Records for this task
+===+

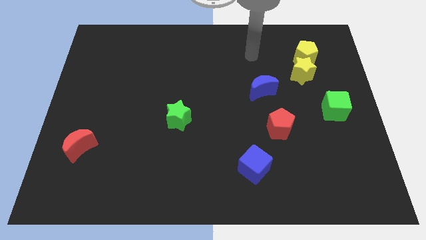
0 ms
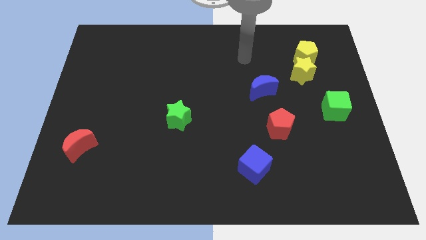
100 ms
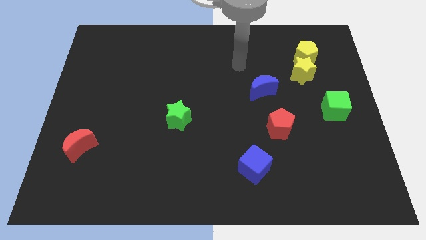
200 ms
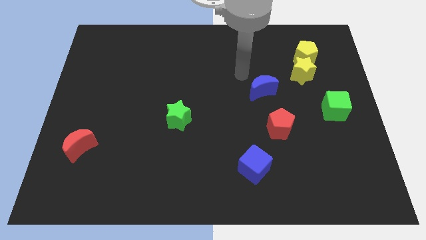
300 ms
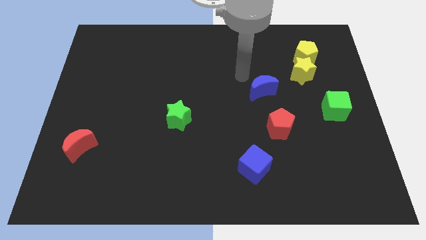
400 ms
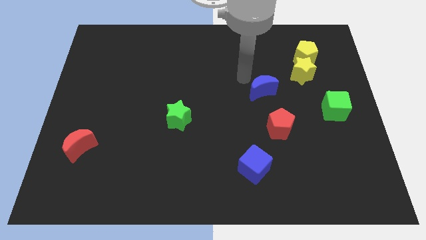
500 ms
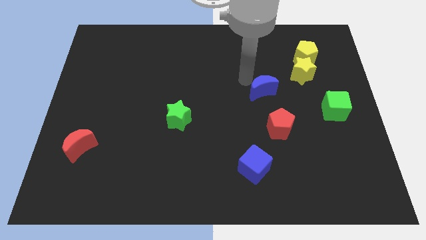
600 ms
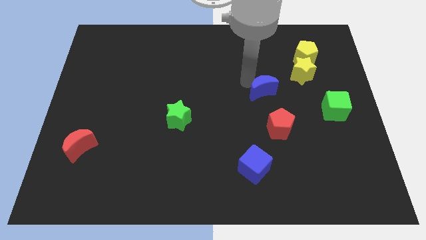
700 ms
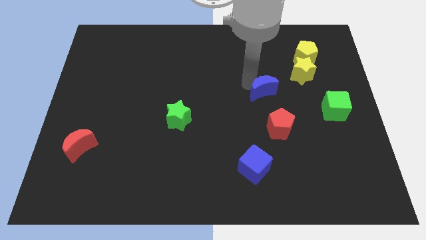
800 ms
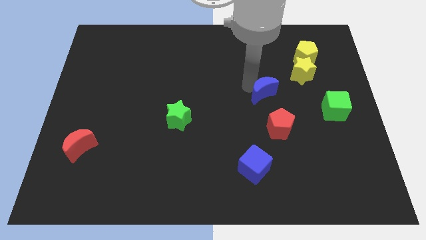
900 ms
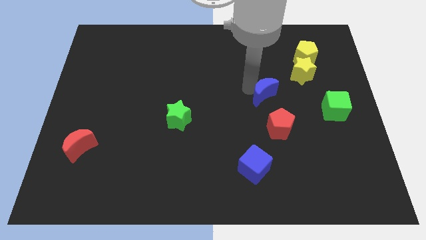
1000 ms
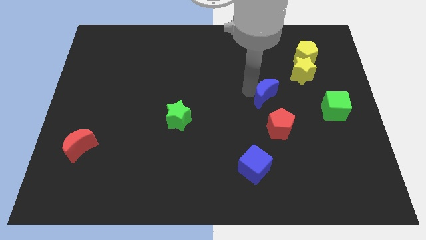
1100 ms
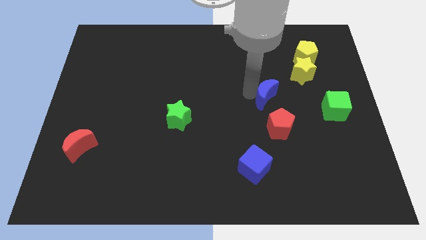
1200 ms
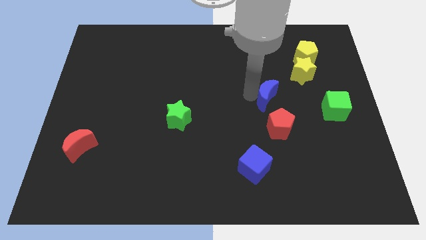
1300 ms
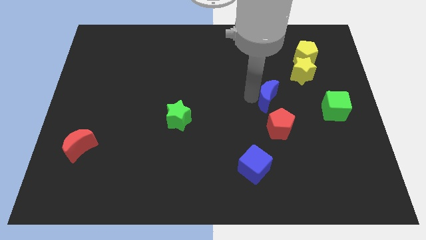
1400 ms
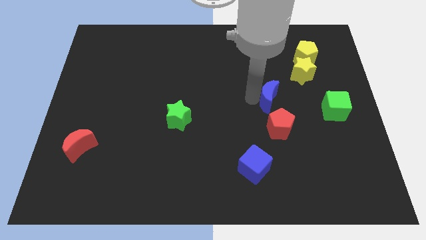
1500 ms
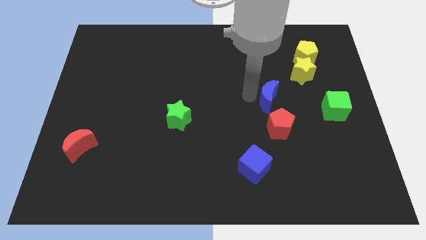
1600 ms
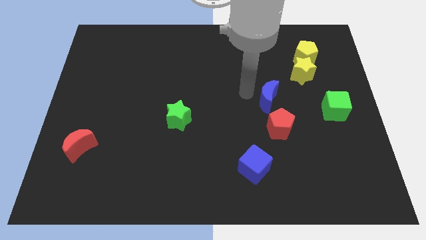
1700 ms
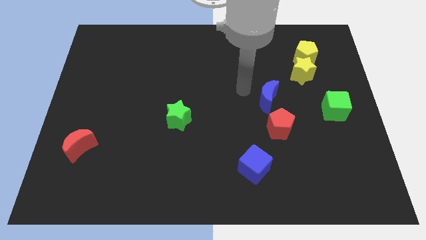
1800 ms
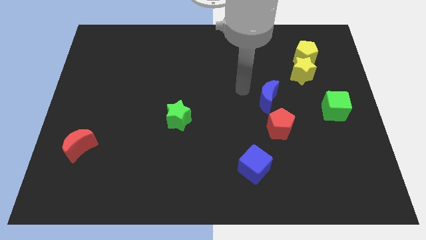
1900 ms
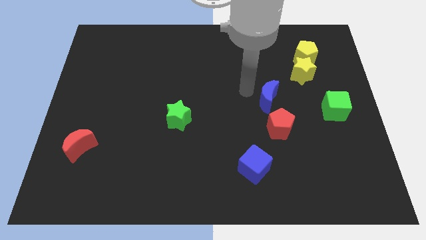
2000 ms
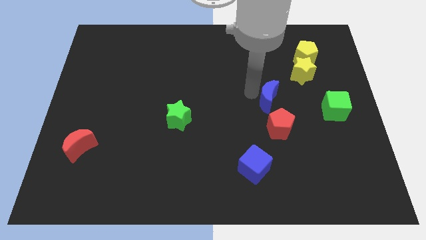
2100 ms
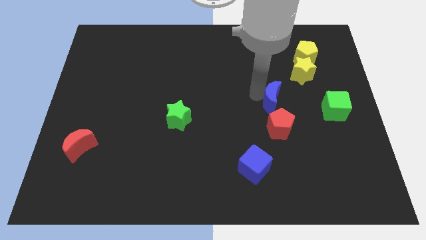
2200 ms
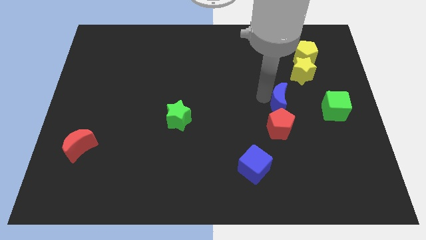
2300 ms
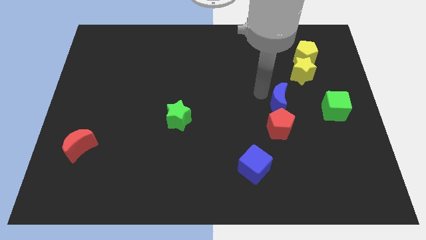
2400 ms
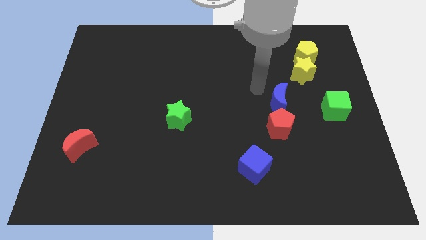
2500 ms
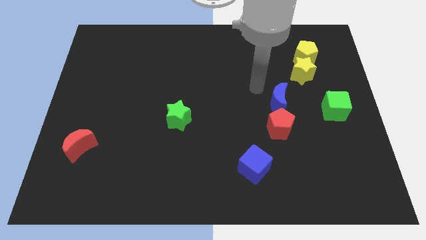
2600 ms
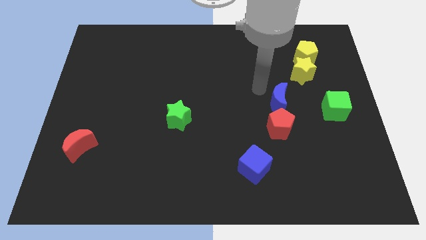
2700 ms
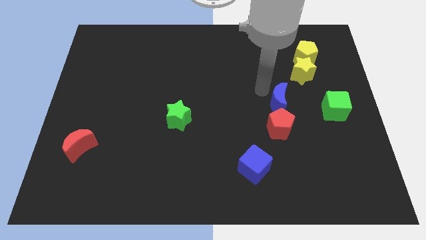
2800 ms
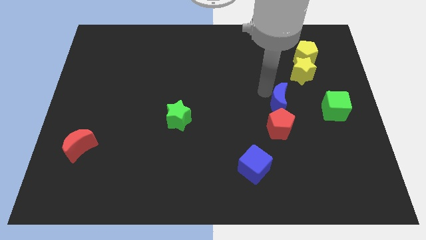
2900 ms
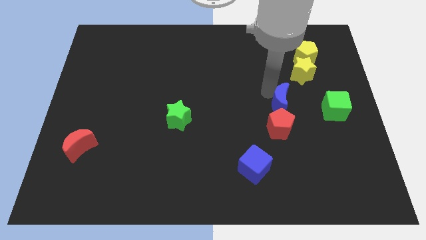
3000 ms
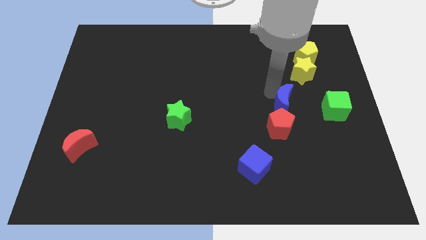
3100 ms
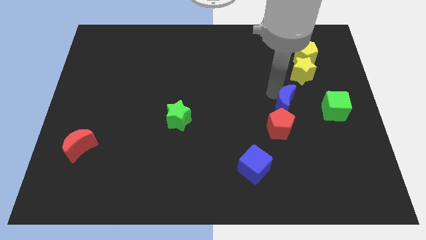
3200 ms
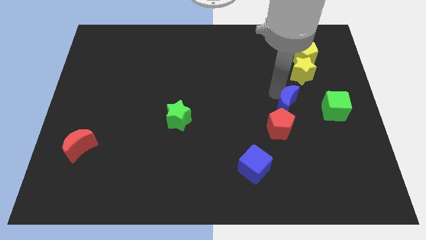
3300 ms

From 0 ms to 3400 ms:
slide the blue moon a little down and then to the right

+===+

Aim of the exercise
Pictures aside, retype all of the entries word for word.

The answer
0 ms
100 ms
200 ms
300 ms
400 ms
500 ms
600 ms
700 ms
800 ms
900 ms
1000 ms
1100 ms
1200 ms
1300 ms
1400 ms
1500 ms
1600 ms
1700 ms
1800 ms
1900 ms
2000 ms
2100 ms
2200 ms
2300 ms
2400 ms
2500 ms
2600 ms
2700 ms
2800 ms
2900 ms
3000 ms
3100 ms
3200 ms
3300 ms

From 0 ms to 3400 ms:
slide the blue moon a little down and then to the right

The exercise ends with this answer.